2. Set up environment:
- Create a `.env` file in the project root and add your AWS and Google Cloud credentials:
```
AWS_ACCESS_KEY_ID=your_aws_access_key
AWS_SECRET_ACCESS_KEY=your_aws_secret_key
DATA_LAKE_BUCKET=your_s3_bucket_name
PROJECT_ID=google_cloud_project_id
DATASET_ID=bigquery_dataset_id
TABLE_ID=bigquery_table_id
```
- Add Google Cloud credentials file in project directory with name ```service-account-file.json```

## Usage
### Approach 1:
1. Build the Docker image:
```
docker build -t nyc-taxitrip-datapipeline .
```

2. Start the Airflow container:
```
docker run -it -p 8080:8080 nyc-taxitrip-datapipeline
```

3. Access the Airflow web interface at `http://localhost:8080`. Use the following credentials:
- Username: admin
- Password: admin

4. In the Airflow UI, enable the `batch_datapipeline` DAG.
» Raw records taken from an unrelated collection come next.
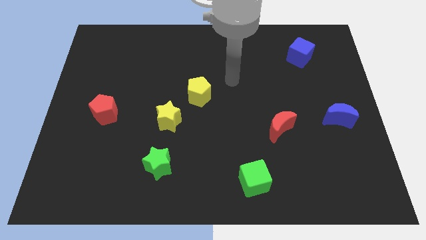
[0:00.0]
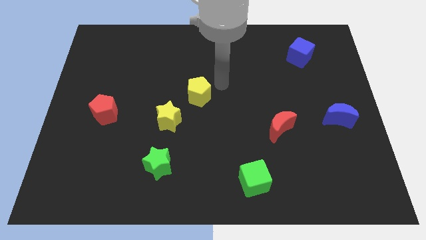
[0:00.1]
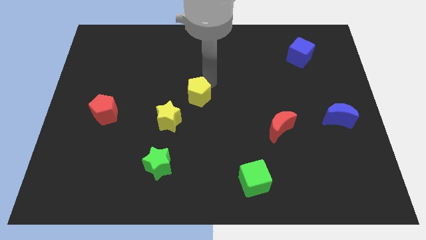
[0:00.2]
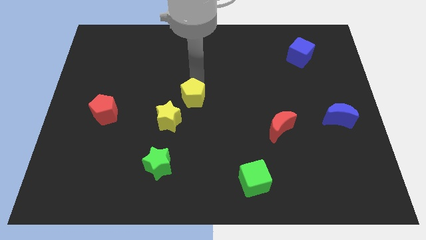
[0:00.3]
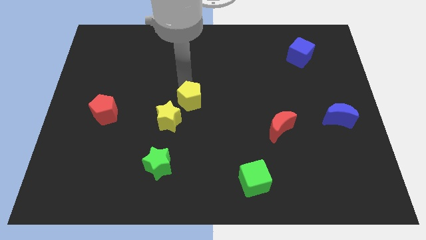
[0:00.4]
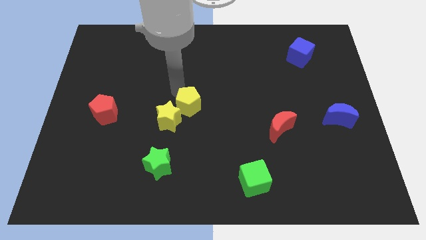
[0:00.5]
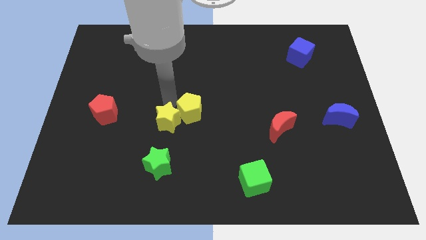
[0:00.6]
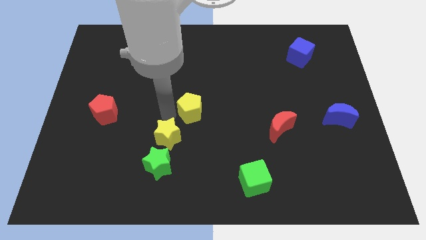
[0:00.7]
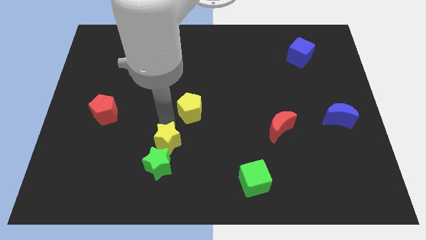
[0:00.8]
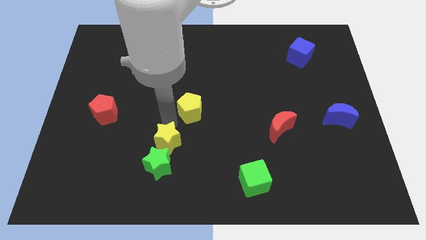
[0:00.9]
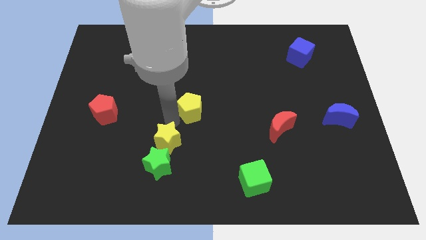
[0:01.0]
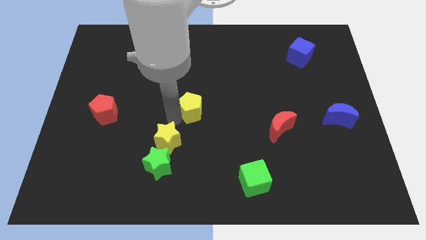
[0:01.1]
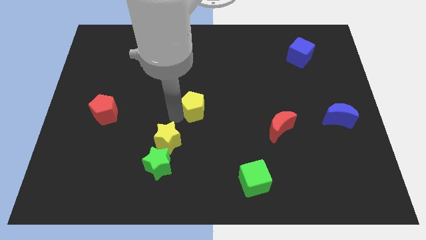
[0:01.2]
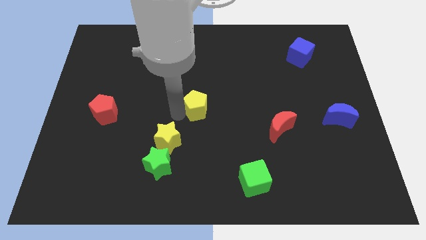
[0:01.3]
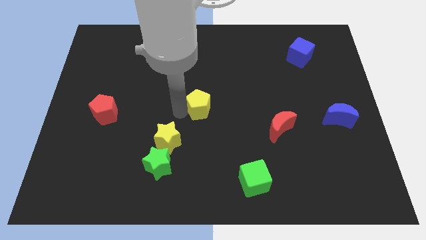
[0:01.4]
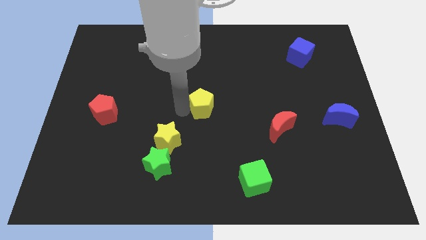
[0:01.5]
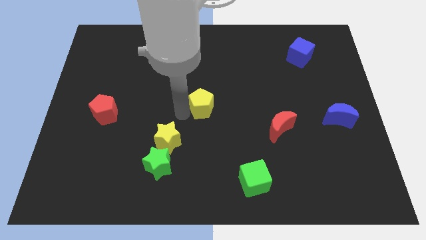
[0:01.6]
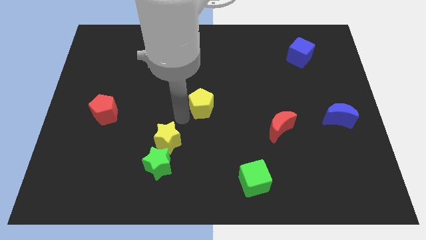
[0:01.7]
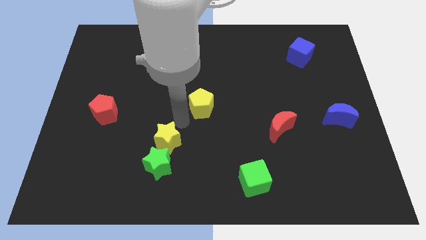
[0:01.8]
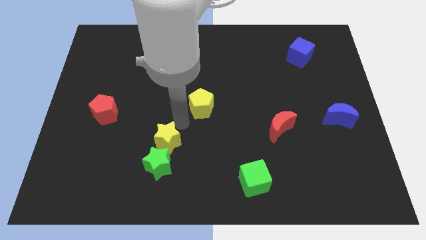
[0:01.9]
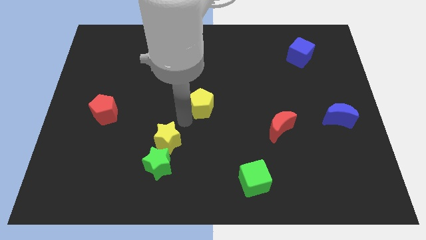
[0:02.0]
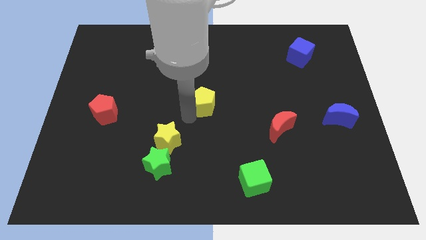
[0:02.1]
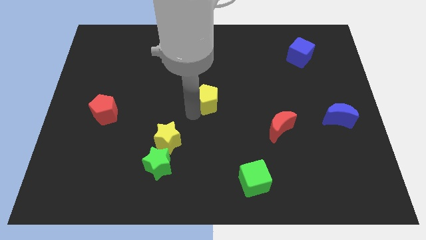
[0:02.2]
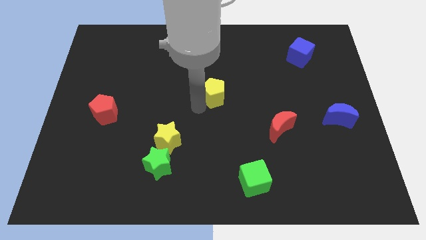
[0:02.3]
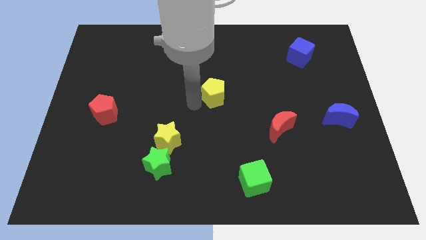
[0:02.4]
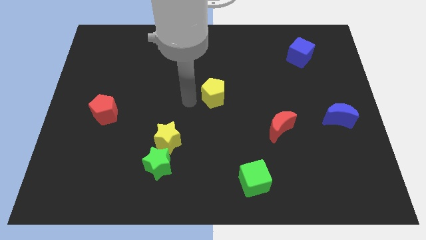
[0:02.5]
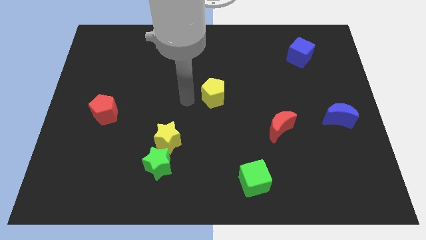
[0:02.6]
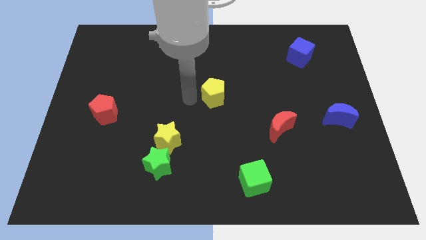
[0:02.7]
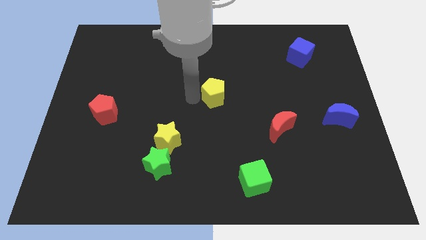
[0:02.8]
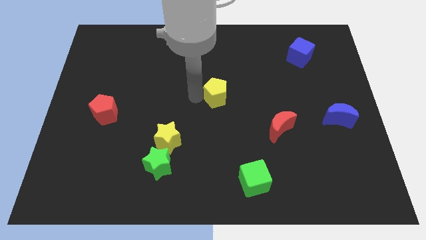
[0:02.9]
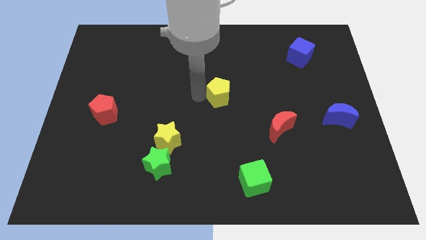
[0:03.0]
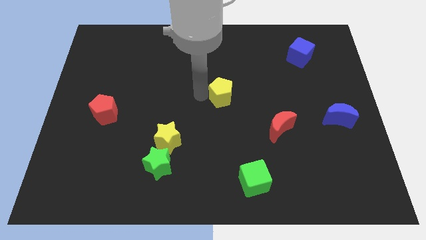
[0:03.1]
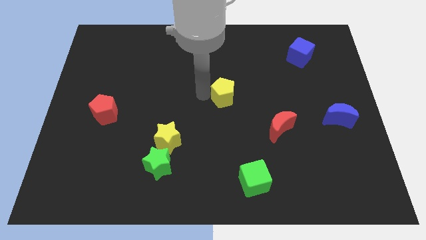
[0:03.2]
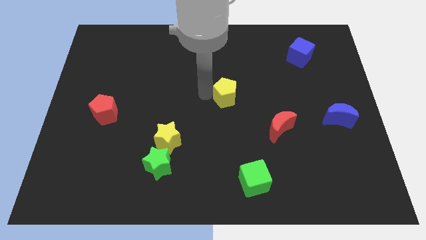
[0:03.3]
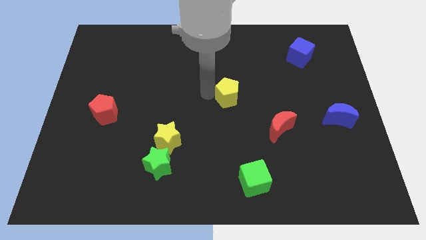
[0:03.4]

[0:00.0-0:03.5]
move the yellow pentagon a bit to the right

5. The pipeline will run on monthly basis, processing the data of two months ago. You can also trigger a manual run from the Airflow UI.

### Approach 2:
- *If you wish to run data pipeline manually without Airflow and Docker, follow these steps:*

1. **Ensure Installation is Complete**: Verify that you have successfully completed first and second installation steps.
2. **Install Dependencies**: Run the following command to install all required packages: `pip install -r requirements.txt`
3. **Execute the Script**: Once the above steps are completed, you can initiate the data pipeline by executing the `manual_datapipeline.py` file.

## Challenges and Solutions

1. **Data Source**: Extracting data from the [source](https://www.nyc.gov/site/tlc/about/tlc-trip-record-data.page) required a specific link to the latest available dataset. I Initially attempted to solve this by using web scraping.
- Solution: But when I was exploring the source site for web scraping, I discovered a pattern in the URL structure that involved a minor change in the link. After recognizing this pattern, I utilized the datetime library to solve this issue, which streamlined the process of automated data extraction.
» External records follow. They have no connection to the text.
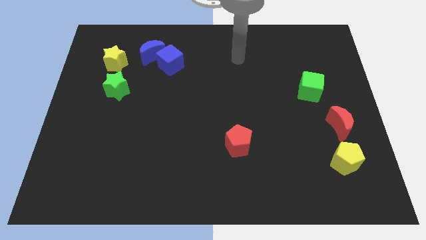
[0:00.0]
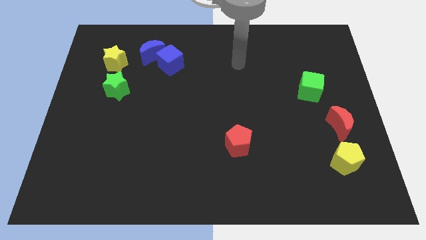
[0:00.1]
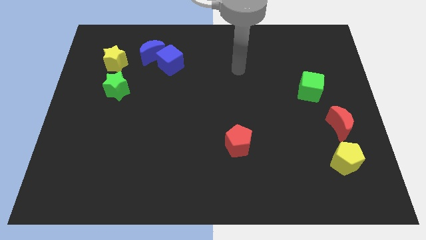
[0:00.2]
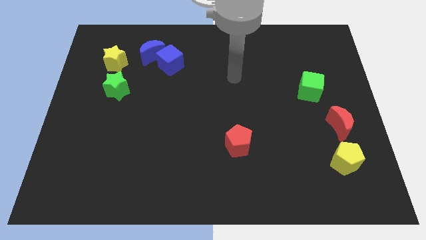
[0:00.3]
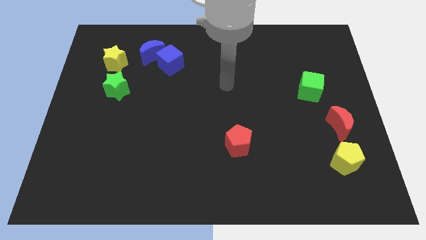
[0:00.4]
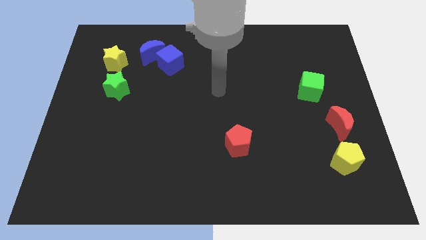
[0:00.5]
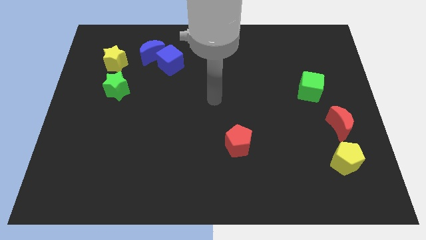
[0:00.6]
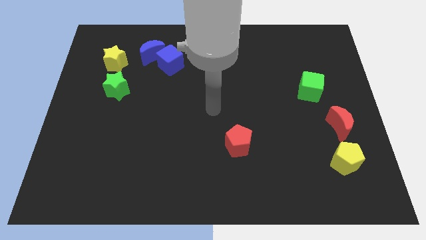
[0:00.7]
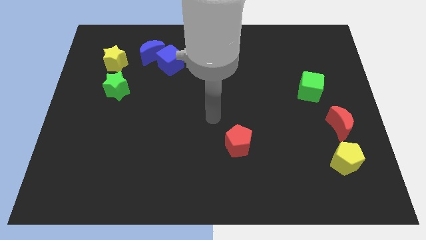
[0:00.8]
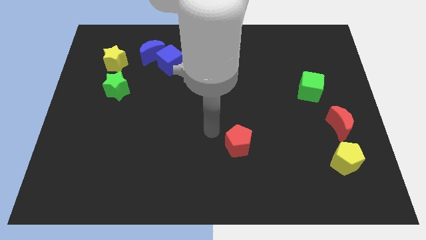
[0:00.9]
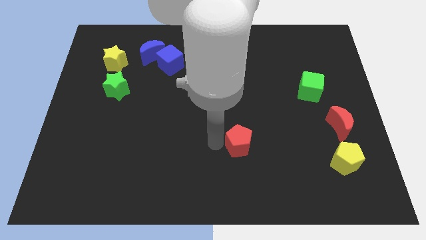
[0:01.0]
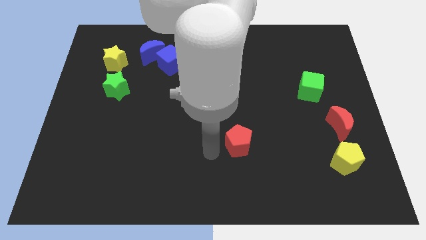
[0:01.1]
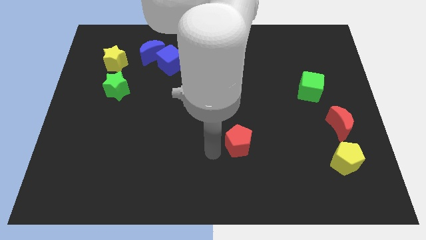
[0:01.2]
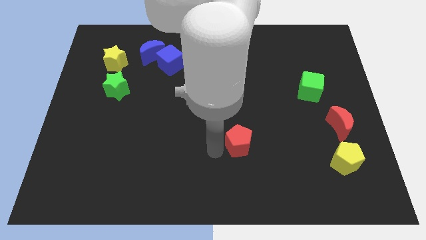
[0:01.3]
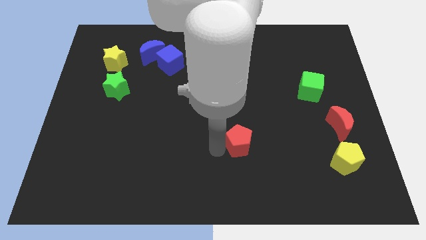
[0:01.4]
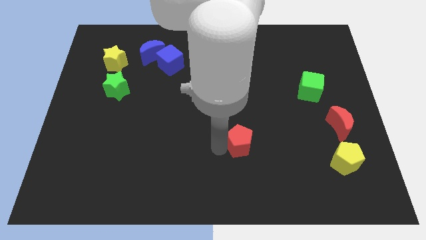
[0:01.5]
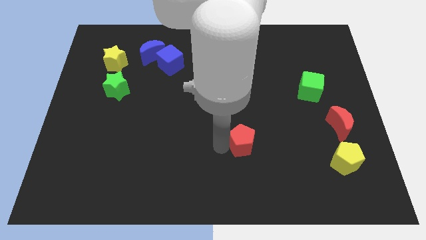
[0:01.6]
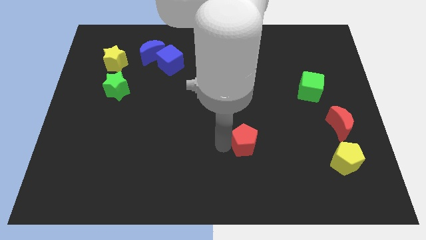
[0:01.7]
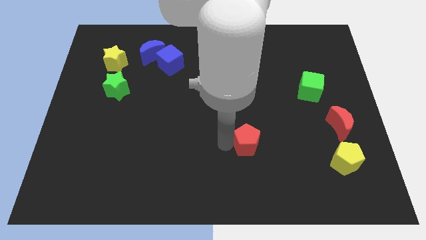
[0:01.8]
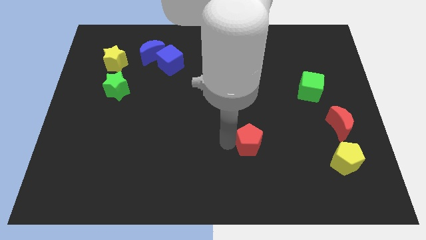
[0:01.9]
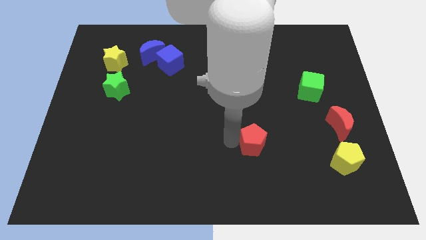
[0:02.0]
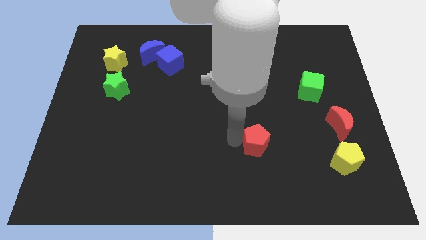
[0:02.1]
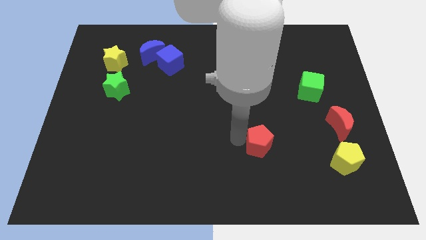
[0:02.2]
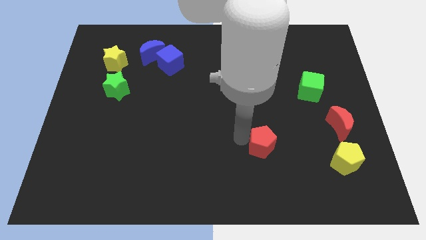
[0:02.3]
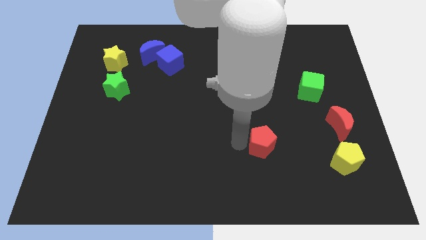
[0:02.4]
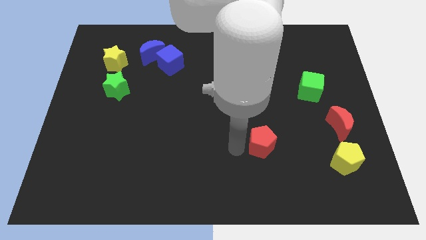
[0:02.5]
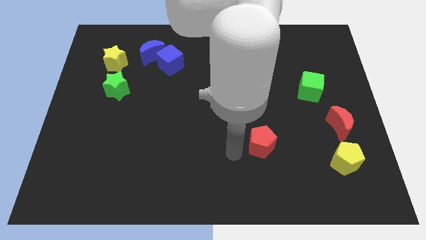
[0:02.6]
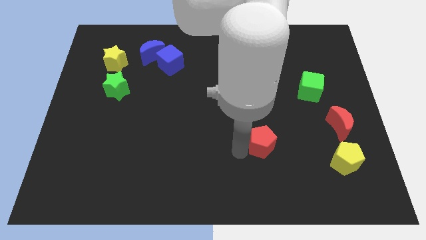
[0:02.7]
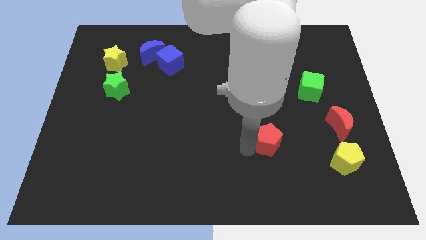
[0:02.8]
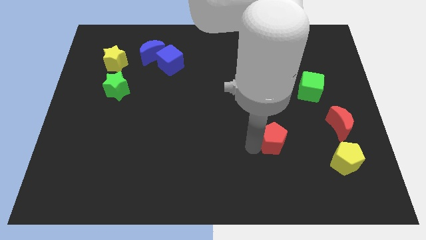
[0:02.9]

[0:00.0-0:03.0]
move the red pentagon slightly right

2. **Data Transfer to BigQuery**: I faced difficulties in efficiently transferring data from a Spark DataFrame to BigQuery. My initial approach involved using the Spark-BigQuery Connector; however, its requirement for Google Cloud Storage posed access limitations.
- Solution: After further exploration, I identified a [direct method](https://github.com/GoogleCloudDataproc/spark-bigquery-connector) but encountered [restrictions](https://cloud.google.com/bigquery/docs/sandbox) with stream loading in the free tier. To overcome this, I implemented a workaround by storing data locally as Parquet file and utilized the [BigQuery Connection API](https://cloud.google.com/python/docs/reference/bigquery/latest) for Python to load this file in append mode, effectively resolving the data transfer issue.
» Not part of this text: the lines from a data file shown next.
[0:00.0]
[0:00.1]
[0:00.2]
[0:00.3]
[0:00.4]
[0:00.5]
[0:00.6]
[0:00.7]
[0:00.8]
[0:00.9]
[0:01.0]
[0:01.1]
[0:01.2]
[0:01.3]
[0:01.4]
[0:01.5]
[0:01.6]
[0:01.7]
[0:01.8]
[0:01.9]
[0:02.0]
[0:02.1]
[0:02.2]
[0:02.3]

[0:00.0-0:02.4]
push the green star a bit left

3. **Data Quality**: For removing outliers, I initially opted for the Interquartile Range (IQR) method but experienced performance issues when executing it, that too for just one column.
- Solution: I opted to hard-code the range for outlier removal as a quick fix to avoid the resource-intensive and time-consuming IQR method. While this solution worked, it wasn't ideal and left room for improvement in terms of scalability and efficiency.